EXERCISE OBJECTIVE:
After finding the line containing "डॉक्यूमेंट्स" below, please output that line and each following one through the line containing "Einnig hefur hann", exactly as written.

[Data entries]
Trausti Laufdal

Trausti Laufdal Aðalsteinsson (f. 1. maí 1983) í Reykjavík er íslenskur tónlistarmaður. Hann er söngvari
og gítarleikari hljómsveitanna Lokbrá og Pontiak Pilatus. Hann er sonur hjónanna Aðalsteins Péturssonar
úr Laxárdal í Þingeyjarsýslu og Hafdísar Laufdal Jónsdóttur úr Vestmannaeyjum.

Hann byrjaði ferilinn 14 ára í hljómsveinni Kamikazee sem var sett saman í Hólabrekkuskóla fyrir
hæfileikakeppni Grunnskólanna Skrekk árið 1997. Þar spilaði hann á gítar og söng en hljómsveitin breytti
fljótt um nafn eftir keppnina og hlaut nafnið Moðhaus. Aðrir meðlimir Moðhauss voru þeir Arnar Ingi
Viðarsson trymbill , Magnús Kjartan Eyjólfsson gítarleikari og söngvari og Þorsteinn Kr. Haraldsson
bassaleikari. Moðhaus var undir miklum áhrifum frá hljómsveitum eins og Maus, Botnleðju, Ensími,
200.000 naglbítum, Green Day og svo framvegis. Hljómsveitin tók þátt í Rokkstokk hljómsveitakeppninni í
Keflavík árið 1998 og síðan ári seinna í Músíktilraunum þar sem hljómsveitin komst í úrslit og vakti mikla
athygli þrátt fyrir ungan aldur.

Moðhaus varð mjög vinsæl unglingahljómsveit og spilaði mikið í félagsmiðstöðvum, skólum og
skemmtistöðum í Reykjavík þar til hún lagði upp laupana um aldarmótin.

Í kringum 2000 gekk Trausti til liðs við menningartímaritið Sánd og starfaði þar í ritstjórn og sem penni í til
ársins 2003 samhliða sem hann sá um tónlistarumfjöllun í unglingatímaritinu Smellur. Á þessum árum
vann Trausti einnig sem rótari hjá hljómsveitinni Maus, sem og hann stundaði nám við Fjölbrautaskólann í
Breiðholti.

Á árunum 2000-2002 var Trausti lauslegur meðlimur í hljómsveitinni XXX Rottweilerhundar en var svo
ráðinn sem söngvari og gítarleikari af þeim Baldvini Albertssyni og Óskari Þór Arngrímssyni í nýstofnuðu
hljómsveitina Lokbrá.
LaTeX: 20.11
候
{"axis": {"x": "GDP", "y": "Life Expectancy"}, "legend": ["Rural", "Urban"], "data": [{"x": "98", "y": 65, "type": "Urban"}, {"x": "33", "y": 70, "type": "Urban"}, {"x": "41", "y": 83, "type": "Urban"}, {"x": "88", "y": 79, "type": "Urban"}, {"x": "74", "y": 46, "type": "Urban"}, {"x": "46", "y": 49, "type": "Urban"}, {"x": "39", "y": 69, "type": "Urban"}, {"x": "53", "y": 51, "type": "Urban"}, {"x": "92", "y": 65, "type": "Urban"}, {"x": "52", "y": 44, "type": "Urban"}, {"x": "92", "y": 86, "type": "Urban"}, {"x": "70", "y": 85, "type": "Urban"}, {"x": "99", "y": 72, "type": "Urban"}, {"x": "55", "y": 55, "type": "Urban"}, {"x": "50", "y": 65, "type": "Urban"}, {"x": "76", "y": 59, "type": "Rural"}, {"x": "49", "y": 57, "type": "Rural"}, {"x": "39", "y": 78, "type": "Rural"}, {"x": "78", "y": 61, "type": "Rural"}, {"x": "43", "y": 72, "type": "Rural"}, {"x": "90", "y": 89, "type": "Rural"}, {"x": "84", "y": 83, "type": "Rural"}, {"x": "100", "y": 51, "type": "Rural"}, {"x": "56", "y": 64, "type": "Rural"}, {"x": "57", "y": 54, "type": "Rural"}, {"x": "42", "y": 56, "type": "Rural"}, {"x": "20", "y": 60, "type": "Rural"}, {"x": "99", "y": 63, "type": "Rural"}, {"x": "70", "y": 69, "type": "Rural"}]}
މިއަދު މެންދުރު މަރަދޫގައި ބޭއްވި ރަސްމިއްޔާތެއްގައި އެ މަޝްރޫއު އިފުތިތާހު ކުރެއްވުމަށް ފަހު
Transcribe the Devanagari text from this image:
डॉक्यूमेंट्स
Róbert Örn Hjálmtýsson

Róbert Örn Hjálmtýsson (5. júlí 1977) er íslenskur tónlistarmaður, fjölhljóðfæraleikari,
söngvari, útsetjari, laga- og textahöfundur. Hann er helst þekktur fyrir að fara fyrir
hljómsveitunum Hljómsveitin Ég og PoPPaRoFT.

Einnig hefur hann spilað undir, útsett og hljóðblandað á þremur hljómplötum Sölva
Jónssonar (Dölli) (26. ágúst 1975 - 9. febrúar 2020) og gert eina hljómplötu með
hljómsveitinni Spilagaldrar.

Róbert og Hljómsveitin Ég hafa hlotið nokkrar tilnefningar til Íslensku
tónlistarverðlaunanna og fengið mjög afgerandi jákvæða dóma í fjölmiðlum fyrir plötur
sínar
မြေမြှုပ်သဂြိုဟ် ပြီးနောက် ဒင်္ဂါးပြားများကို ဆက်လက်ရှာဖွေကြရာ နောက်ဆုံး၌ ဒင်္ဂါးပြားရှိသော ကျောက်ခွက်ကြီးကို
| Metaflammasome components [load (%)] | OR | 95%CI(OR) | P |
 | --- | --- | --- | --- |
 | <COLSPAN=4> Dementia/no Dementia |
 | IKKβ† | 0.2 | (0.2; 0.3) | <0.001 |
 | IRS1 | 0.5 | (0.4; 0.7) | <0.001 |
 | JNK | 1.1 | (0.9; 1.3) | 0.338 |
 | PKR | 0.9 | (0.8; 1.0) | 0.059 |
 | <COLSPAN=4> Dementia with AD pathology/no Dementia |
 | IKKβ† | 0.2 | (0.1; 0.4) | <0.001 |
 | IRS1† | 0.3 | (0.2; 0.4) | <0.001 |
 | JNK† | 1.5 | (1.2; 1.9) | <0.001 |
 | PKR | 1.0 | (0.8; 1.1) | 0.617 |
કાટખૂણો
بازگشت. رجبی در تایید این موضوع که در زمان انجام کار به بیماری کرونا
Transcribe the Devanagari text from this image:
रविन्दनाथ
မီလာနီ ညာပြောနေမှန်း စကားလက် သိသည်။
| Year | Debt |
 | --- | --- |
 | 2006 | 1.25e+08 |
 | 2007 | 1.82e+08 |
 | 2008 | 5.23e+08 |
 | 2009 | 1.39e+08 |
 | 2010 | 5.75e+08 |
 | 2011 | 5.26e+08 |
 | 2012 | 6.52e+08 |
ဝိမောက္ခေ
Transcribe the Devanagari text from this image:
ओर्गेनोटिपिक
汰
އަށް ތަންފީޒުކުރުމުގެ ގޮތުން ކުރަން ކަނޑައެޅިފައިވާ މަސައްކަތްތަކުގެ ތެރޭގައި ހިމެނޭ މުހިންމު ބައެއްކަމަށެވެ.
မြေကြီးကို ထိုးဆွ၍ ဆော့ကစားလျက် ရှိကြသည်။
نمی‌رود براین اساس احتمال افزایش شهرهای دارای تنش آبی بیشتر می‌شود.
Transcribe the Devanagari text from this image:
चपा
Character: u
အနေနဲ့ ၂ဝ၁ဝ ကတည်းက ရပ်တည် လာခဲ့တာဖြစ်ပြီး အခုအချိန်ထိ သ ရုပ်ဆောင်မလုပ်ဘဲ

ANSWER AREA:
डॉक्यूमेंट्स
Róbert Örn Hjálmtýsson

Róbert Örn Hjálmtýsson (5. júlí 1977) er íslenskur tónlistarmaður, fjölhljóðfæraleikari,
söngvari, útsetjari, laga- og textahöfundur. Hann er helst þekktur fyrir að fara fyrir
hljómsveitunum Hljómsveitin Ég og PoPPaRoFT.

Einnig hefur hann spilað undir, útsett og hljóðblandað á þremur hljómplötum Sölva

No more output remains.